__Assigned task__.
Return the listing verbatim, images left out.

__Task data__.
****

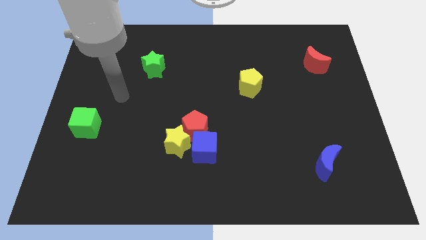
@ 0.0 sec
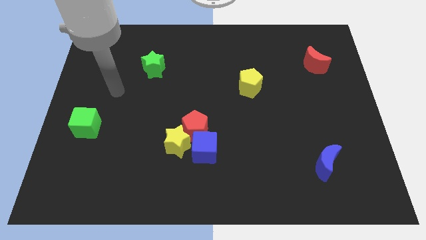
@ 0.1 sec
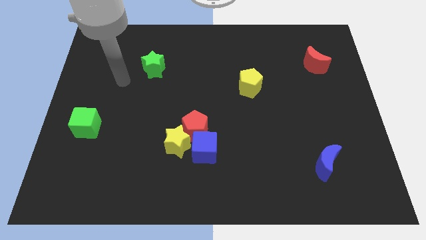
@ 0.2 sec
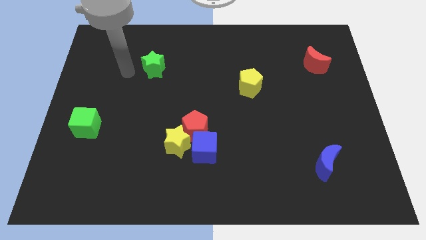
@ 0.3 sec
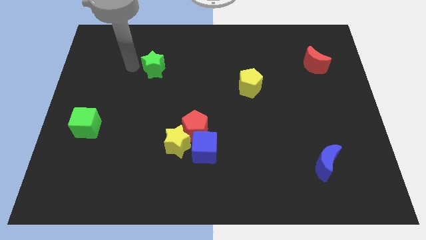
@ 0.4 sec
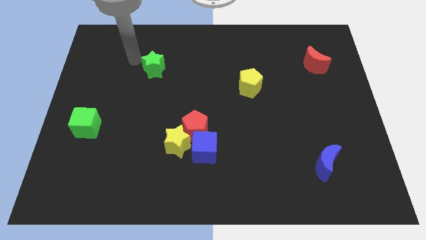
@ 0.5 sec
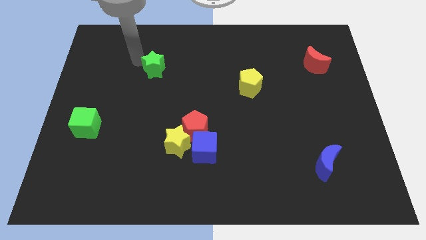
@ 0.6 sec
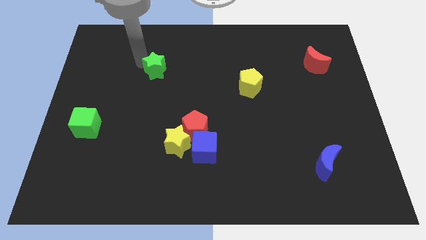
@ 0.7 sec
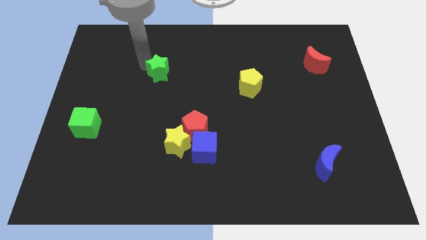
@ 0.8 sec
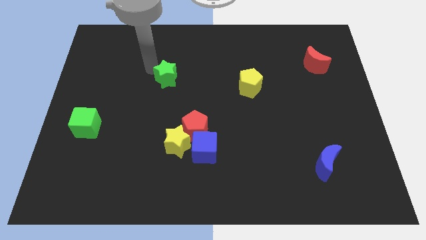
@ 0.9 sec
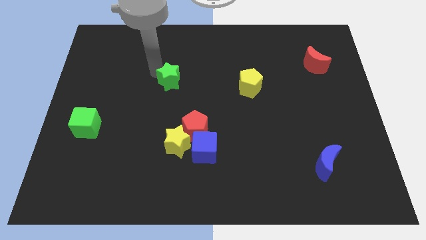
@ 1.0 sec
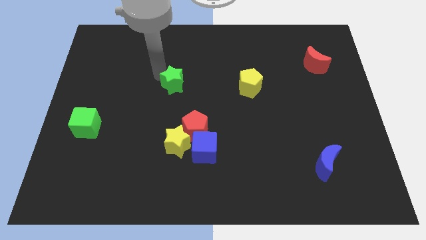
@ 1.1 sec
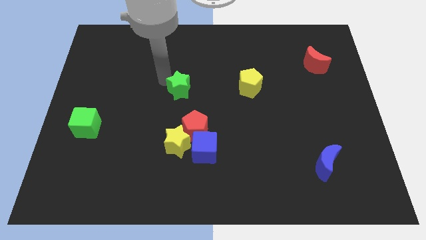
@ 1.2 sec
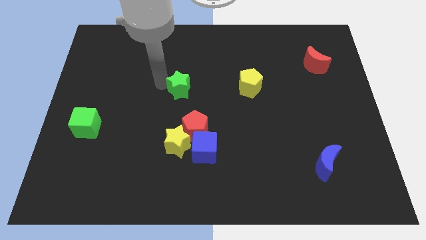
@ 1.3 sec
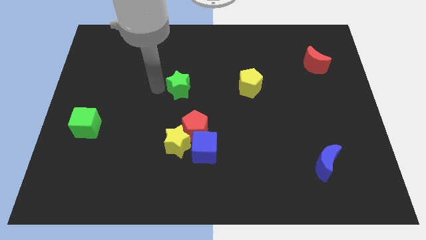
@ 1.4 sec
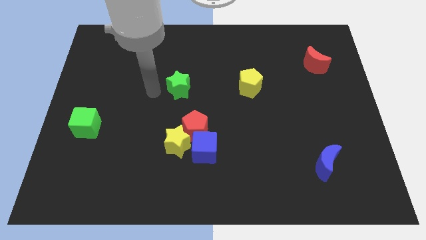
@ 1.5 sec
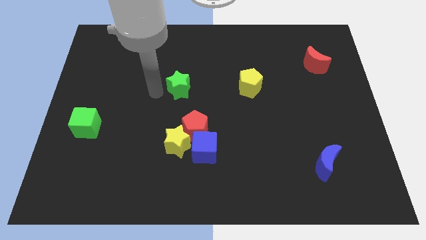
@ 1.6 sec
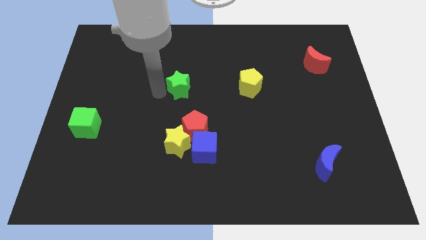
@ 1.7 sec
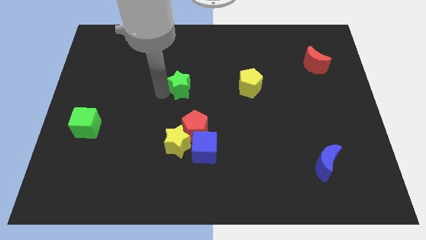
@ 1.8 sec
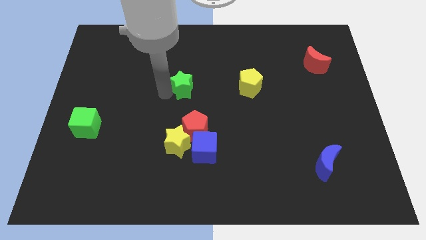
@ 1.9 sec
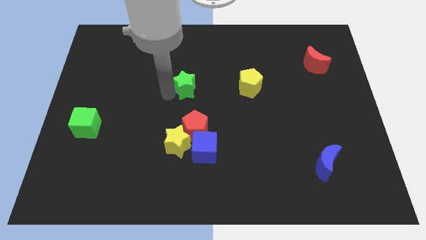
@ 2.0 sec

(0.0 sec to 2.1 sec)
push the green star to the left of the yellow pentagon

****

__Task output__.
@ 0.0 sec
@ 0.1 sec
@ 0.2 sec
@ 0.3 sec
@ 0.4 sec
@ 0.5 sec
@ 0.6 sec
@ 0.7 sec
@ 0.8 sec
@ 0.9 sec
@ 1.0 sec
@ 1.1 sec
@ 1.2 sec
@ 1.3 sec
@ 1.4 sec
@ 1.5 sec
@ 1.6 sec
@ 1.7 sec
@ 1.8 sec
@ 1.9 sec
@ 2.0 sec

(0.0 sec to 2.1 sec)
push the green star to the left of the yellow pentagon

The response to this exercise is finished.